The 24 month rate-of-change in proxy for money flows decelerated sharply after both QE2 & QE3.
Unless money (& money flows), expand at least at the rate prices are being pushed up, output can’t be sold and thus jobs will be cut (i.e., there is insufficient upward & downward price flexibility within our economy, e.g., “sticky wages” to counteract a contractionary money policy).
The problem is that the Fed has emasculated its “open market power”. Whereas between 1942 & 2008 the CBs minimized their non-earning assets by buying, e.g., T-bills, now the Fed accommodates the bankers with a remuneration rate that exceeds all money market rates (exceeds all returns in the wholesale funding market on the short-end segment of the yield curve).
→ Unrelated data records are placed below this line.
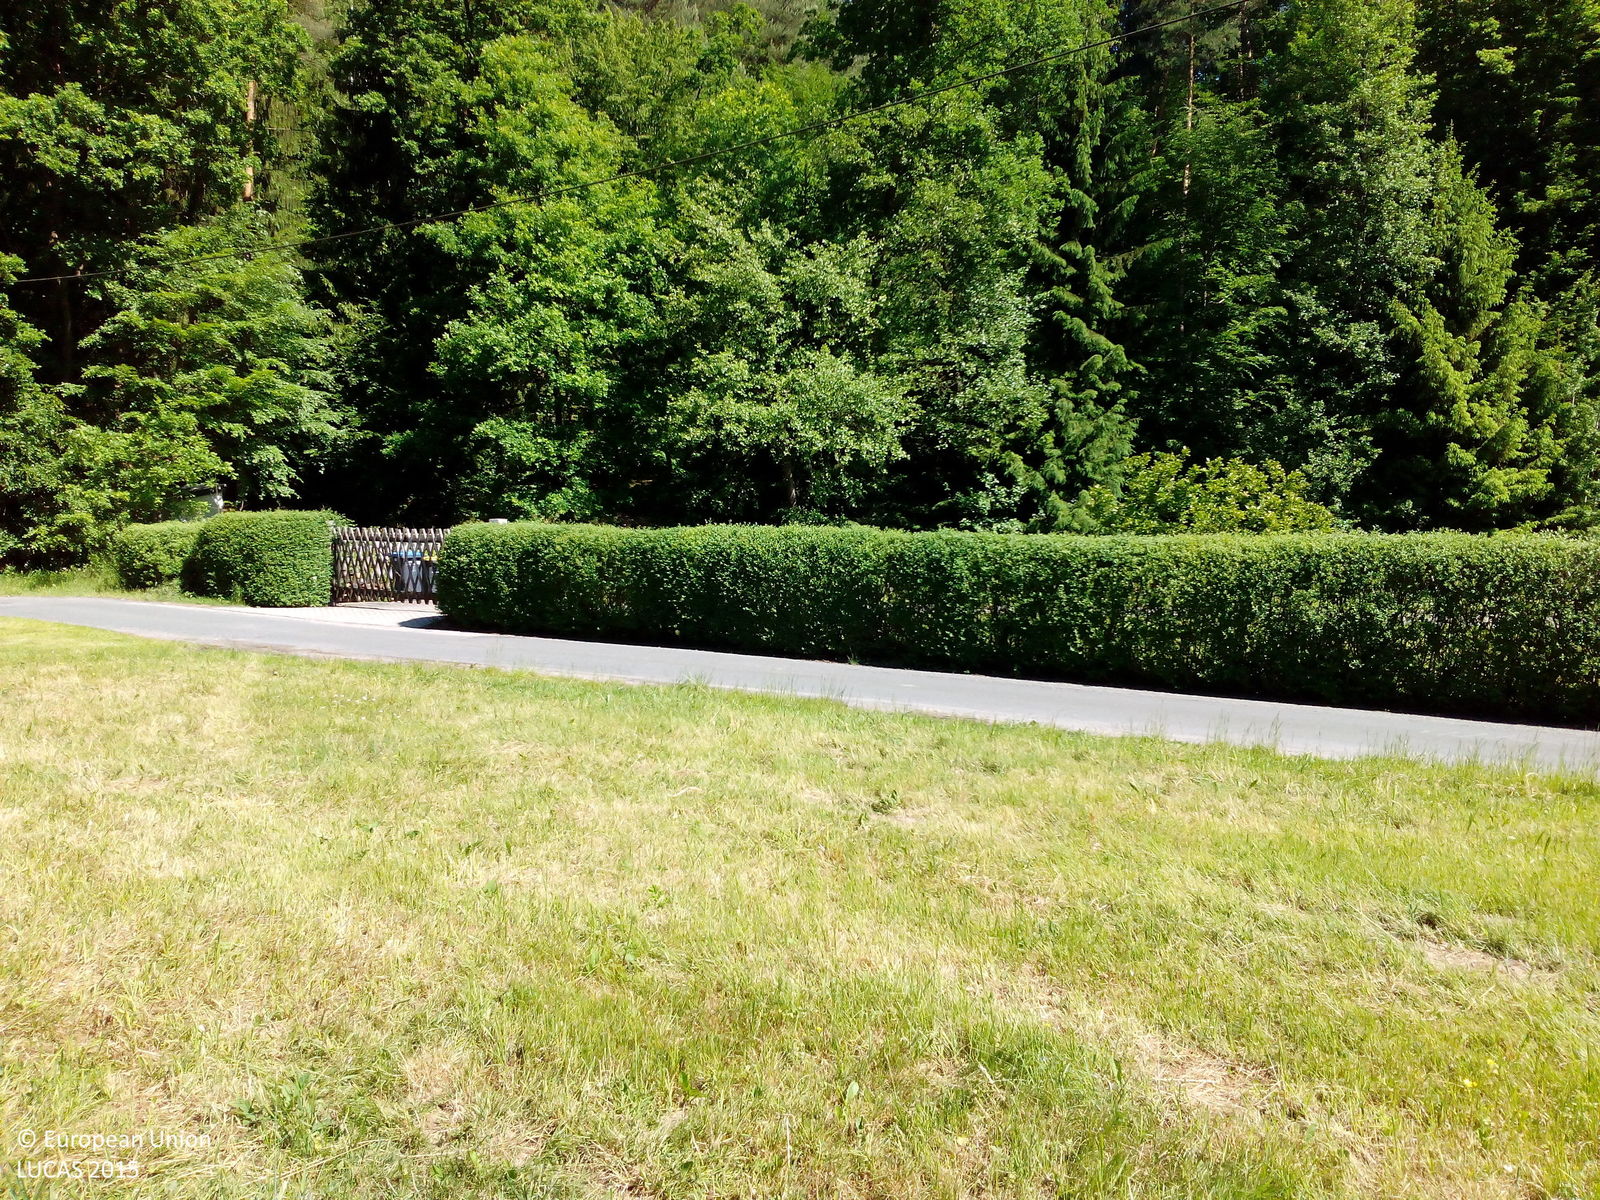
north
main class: Grassland
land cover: Grassland without tree/shrub cover
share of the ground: > 75 %
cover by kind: herbaceous plants 100 %
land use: Agriculture (excluding fallow land and kitchen gardens)
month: June
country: DE
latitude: 50.7844
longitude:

So POMOs between the Reserve and commercial banks only affect excess reserves (become just asset swaps). Before the CBs would buy short-term securities (increasing their liquidity reserves & the money stock). After the introduction of the payment of interest on reserves the CBs now hold higher yielding IBDDs.
The Fed’s policy rate (credit control device), induces dis-intermediation among just the non-banks. It provides the CBs with the option to outbid the NBs for loan-funds (“specials”). This is exactly the same wholesale funding problem that existed with Reg Q ceilings: where in 1966 the CBs outbid the NBs for loan-funds).
Unless CB lending/investing offsets the decline in NB lending/investing - aggregate monetary purchasing power will be lost.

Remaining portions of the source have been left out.